Task description: Copy each line, word for word, from the one with "In English: hathach" through the final line of the listing, but skip the pictures.

Data extract:
<<<<
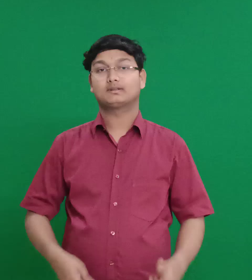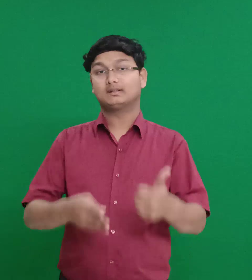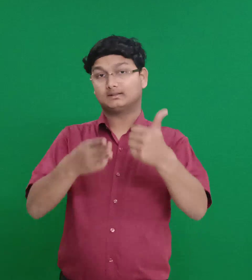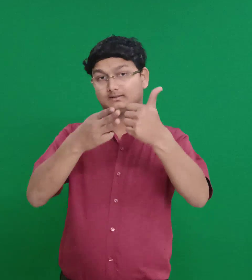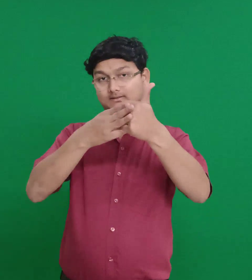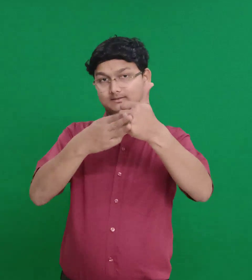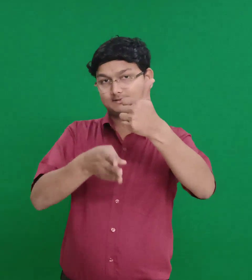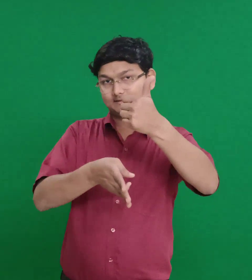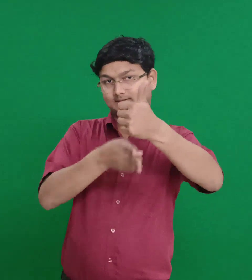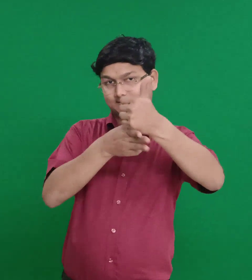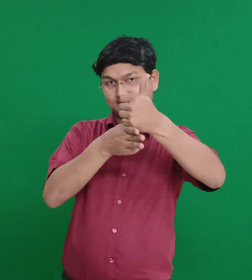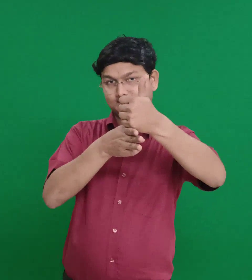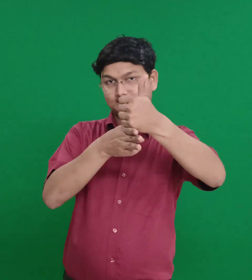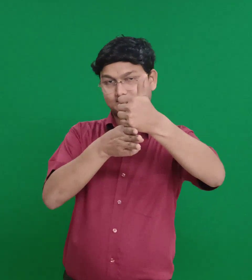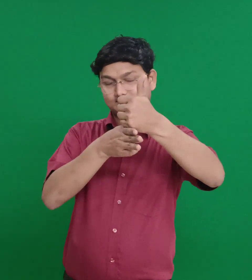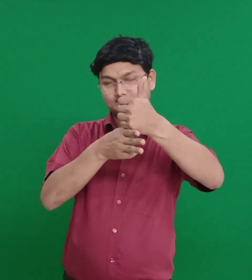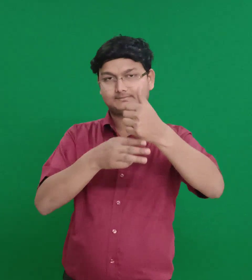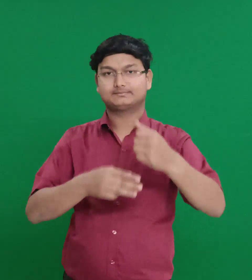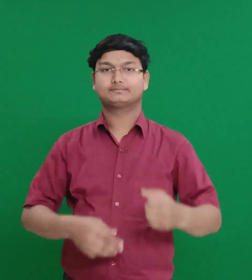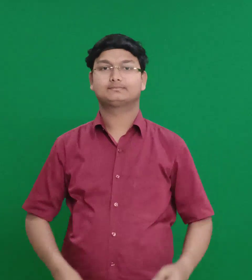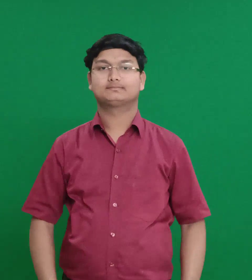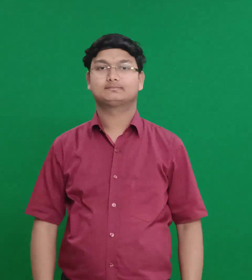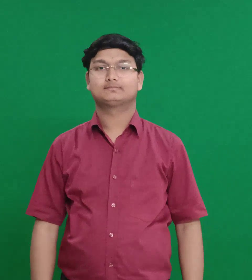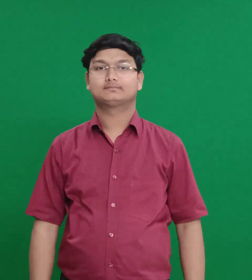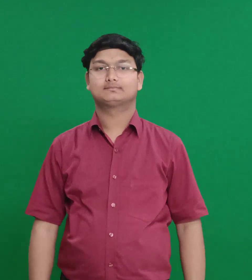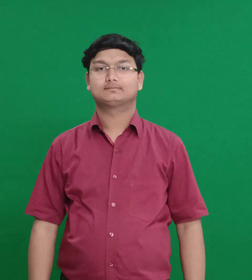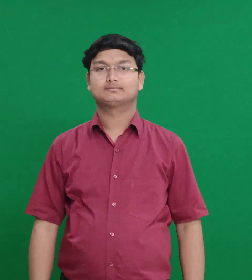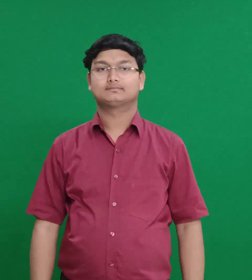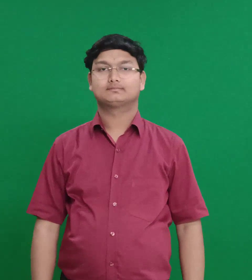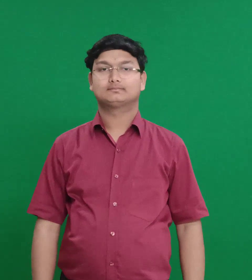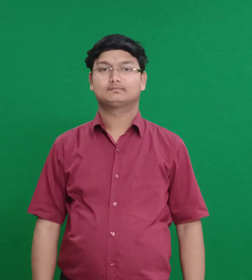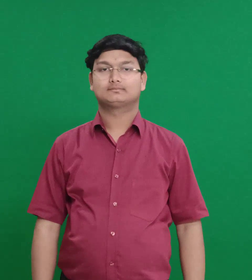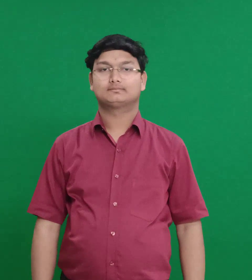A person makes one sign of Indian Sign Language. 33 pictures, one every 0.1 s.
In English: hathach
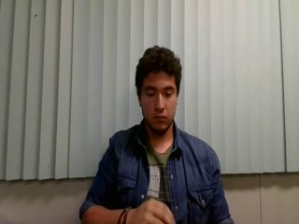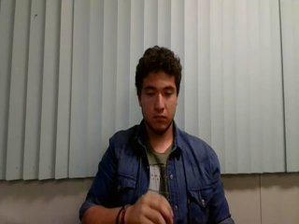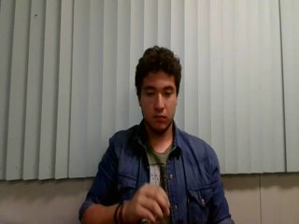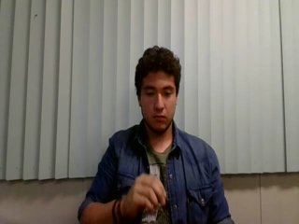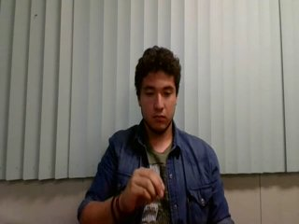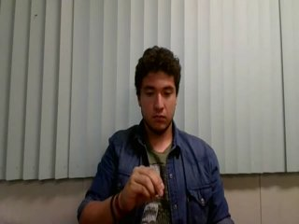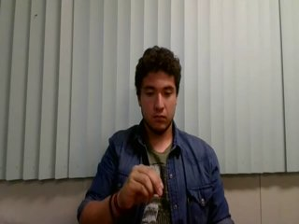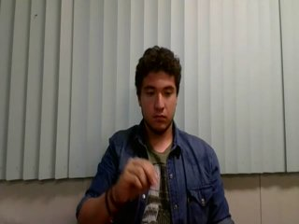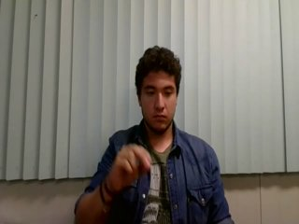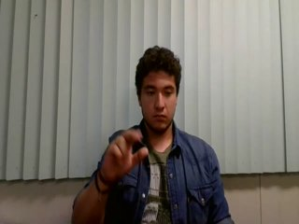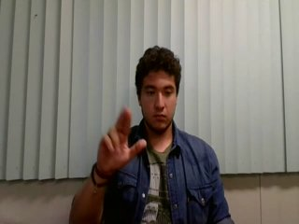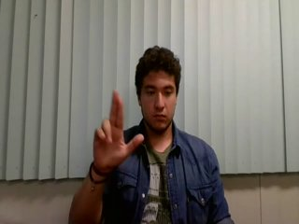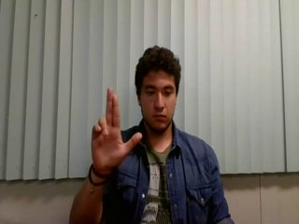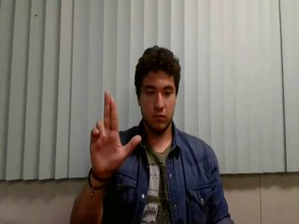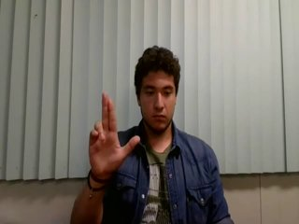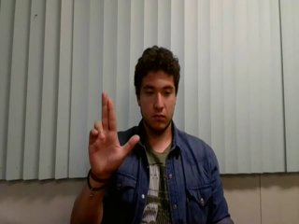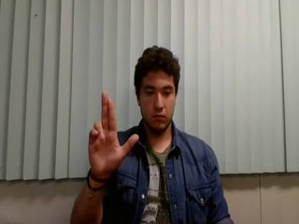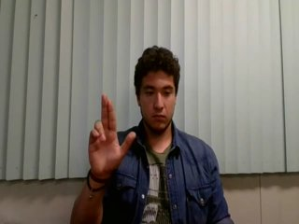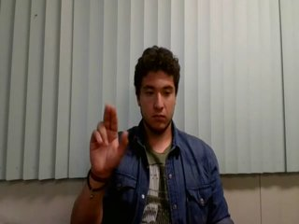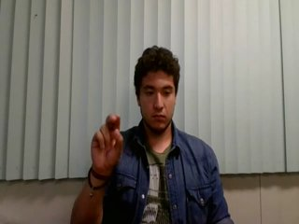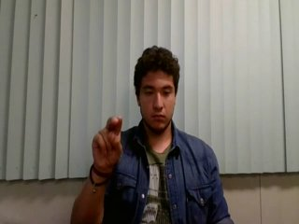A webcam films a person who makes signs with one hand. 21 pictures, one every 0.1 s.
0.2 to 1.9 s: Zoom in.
>>>>
Problem solution:
In English: hathach
A webcam films a person who makes signs with one hand. 21 pictures, one every 0.1 s.
0.2 to 1.9 s: Zoom in.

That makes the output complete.